Khazanah Eyes Spanish Infrastructure

Malaysian sovereign wealth fund Khazanah Nasional is in talks to acquire a company, 50% owned by Spanish construction group Fomento de Construcciones y Contratas (FCC) and 50% owned by Bankia, a nationalized Spanish savings bank. The joint venture company is Madrid-based Globalvia Infraestructuras S.A.

Nice Hedge Fund: Tepper Gives Money Back to Investors

David Tepper, hedge fund manager of New Jersey-based Appaloosa Management LP, is planning to return around US$ 2 or US$ 4 billion, 10% to 20% of client assets, back to his investors by the end of 2014. Appaloosa has approximately US$ 20 billion in assets under management. The flagship fund is called the Palomino Fund. In some circumstances, in a low-yield world, hedge funds return money back to investors to boost return rates.

Direct Lending Fund Raises €850 Million

Alcentra has raised €850 million for its first pan-European lending fund, Alcentra European Direct Lending Fund. Alcentra, part of BNY Mellon, is seeking to provide capital to mid-market European companies. European banks face balance sheet constraints and the growth of non-bank lenders in Europe is increasing.
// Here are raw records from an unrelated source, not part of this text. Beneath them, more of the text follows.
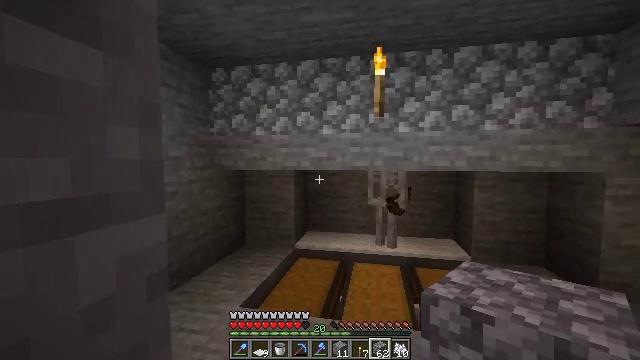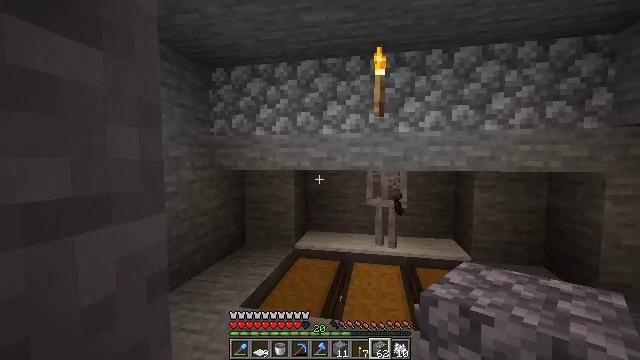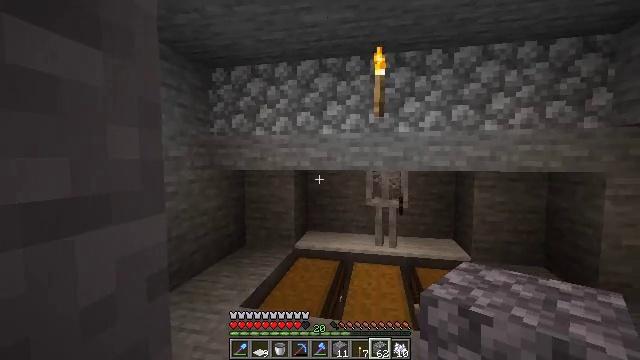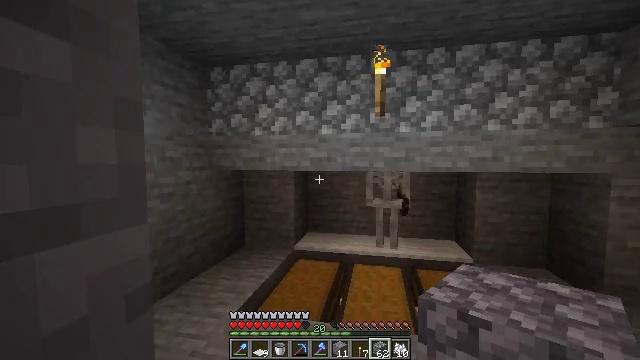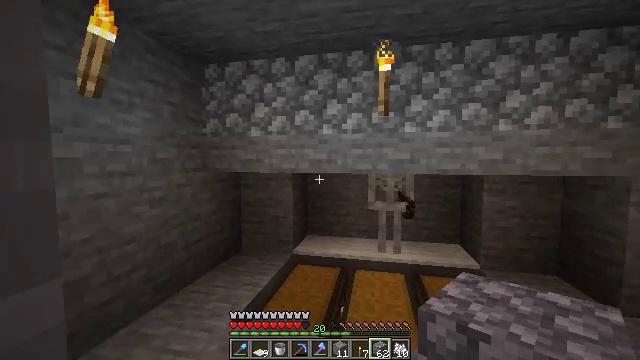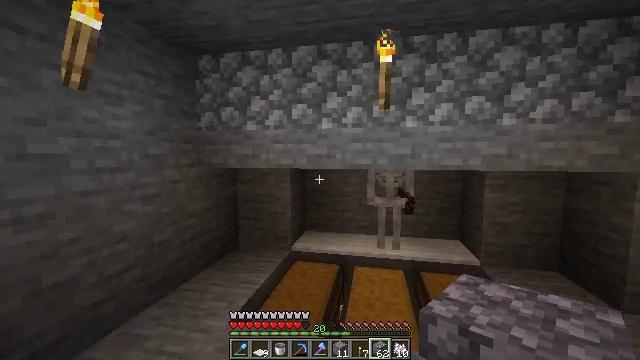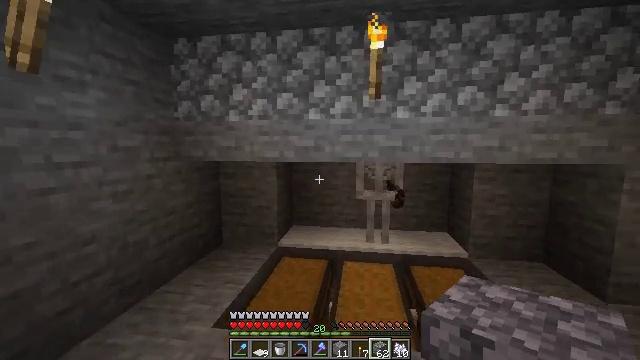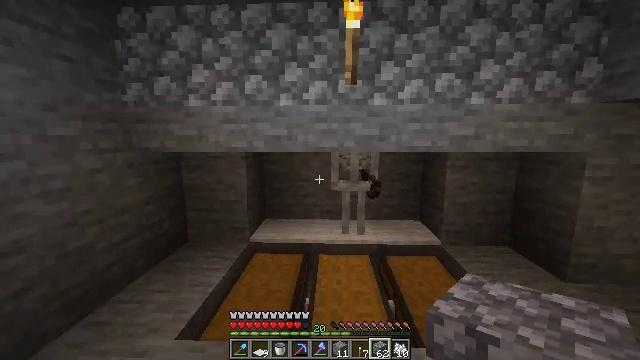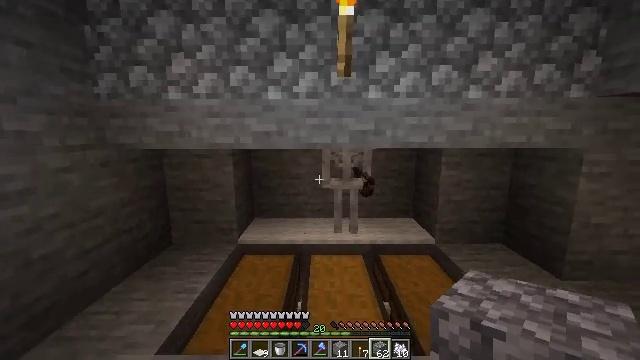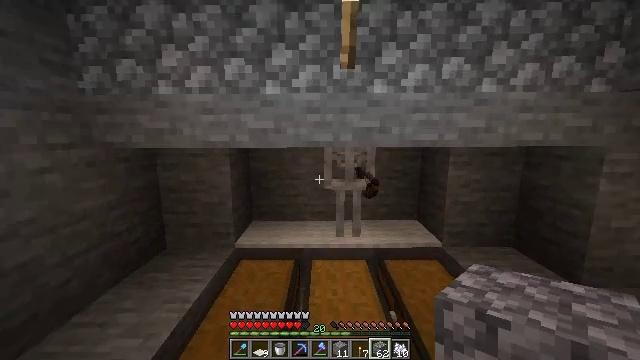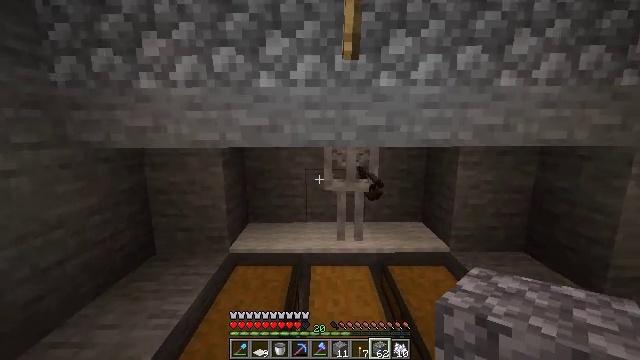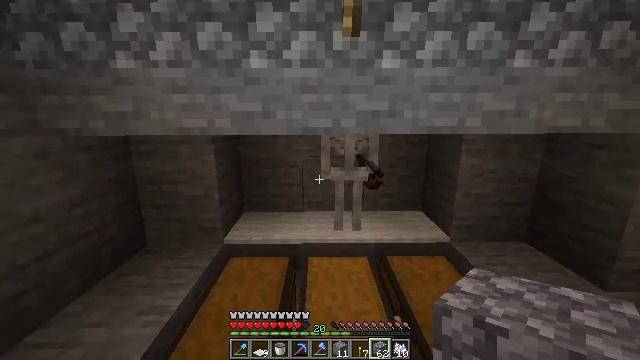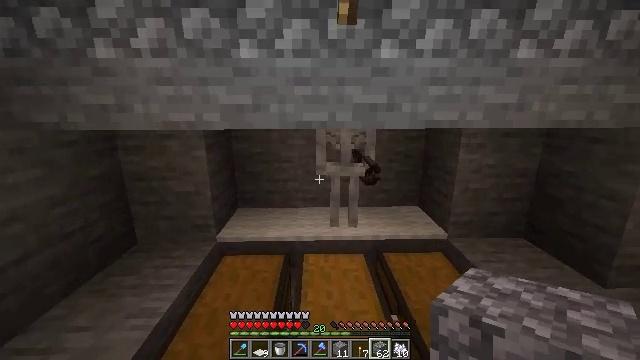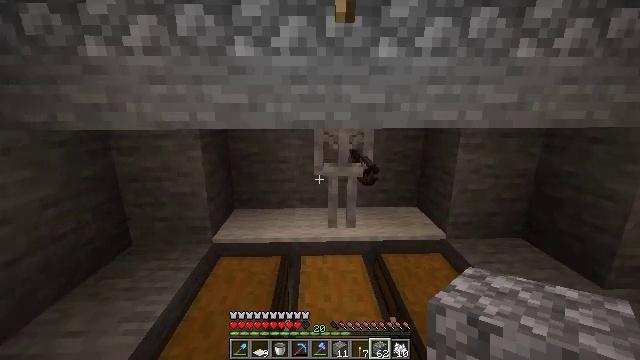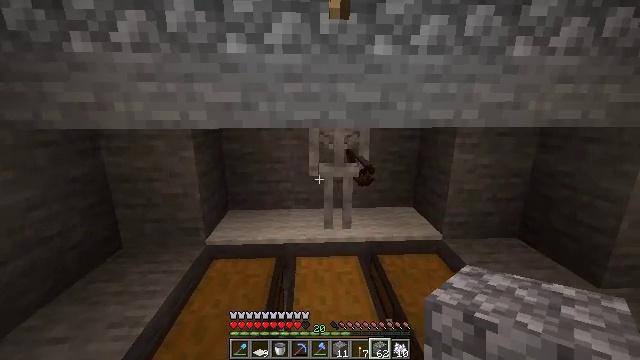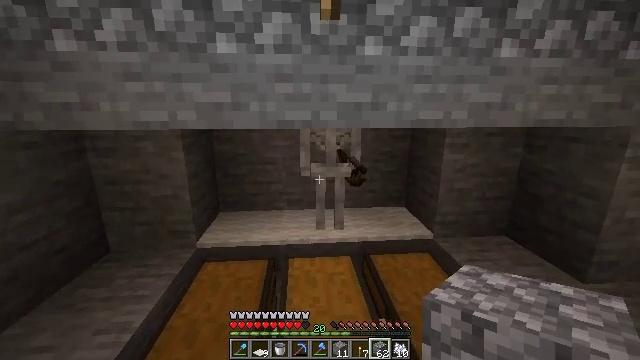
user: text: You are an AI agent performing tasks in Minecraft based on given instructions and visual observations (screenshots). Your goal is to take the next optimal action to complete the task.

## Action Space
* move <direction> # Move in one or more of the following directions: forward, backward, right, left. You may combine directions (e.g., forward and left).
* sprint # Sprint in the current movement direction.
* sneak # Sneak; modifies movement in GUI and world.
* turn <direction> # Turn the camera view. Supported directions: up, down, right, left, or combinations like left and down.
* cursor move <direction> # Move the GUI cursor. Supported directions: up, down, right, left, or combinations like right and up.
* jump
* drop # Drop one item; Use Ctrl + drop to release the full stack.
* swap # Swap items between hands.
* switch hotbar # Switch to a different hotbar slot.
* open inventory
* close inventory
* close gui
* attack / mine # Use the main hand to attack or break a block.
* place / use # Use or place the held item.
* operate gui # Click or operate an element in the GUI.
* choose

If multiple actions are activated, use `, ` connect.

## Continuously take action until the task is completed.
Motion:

OTPP and PSP Investments Try to Complete Telesat Deal

Ontario Teachers’ Pension Plan (OTPP) and Public Sector Pension Investment Board (PSP Investments) are close to a US$ 7 billion deal for Canadian satellite company Telesat Holdings Inc. The pension funds are seeking to acquire Loral Space & Communications Inc. which owns 63% of Telesat for around US$ 85 per share. PSP Investments already owns 37% of Telesat.

APG and Aberdeen Buy Mega European Portfolio of Real Assets

APG and Aberdeen Asset Management have bought a portfolio of assets in the United Kingdom and Europe. There are 16 operational properties in the portfolio. These were sold by infrastructure fund manager DIF. Aberdeen will manage the assets for APG. Pinsent Masons was the legal advisor for Aberdeen Asset Management.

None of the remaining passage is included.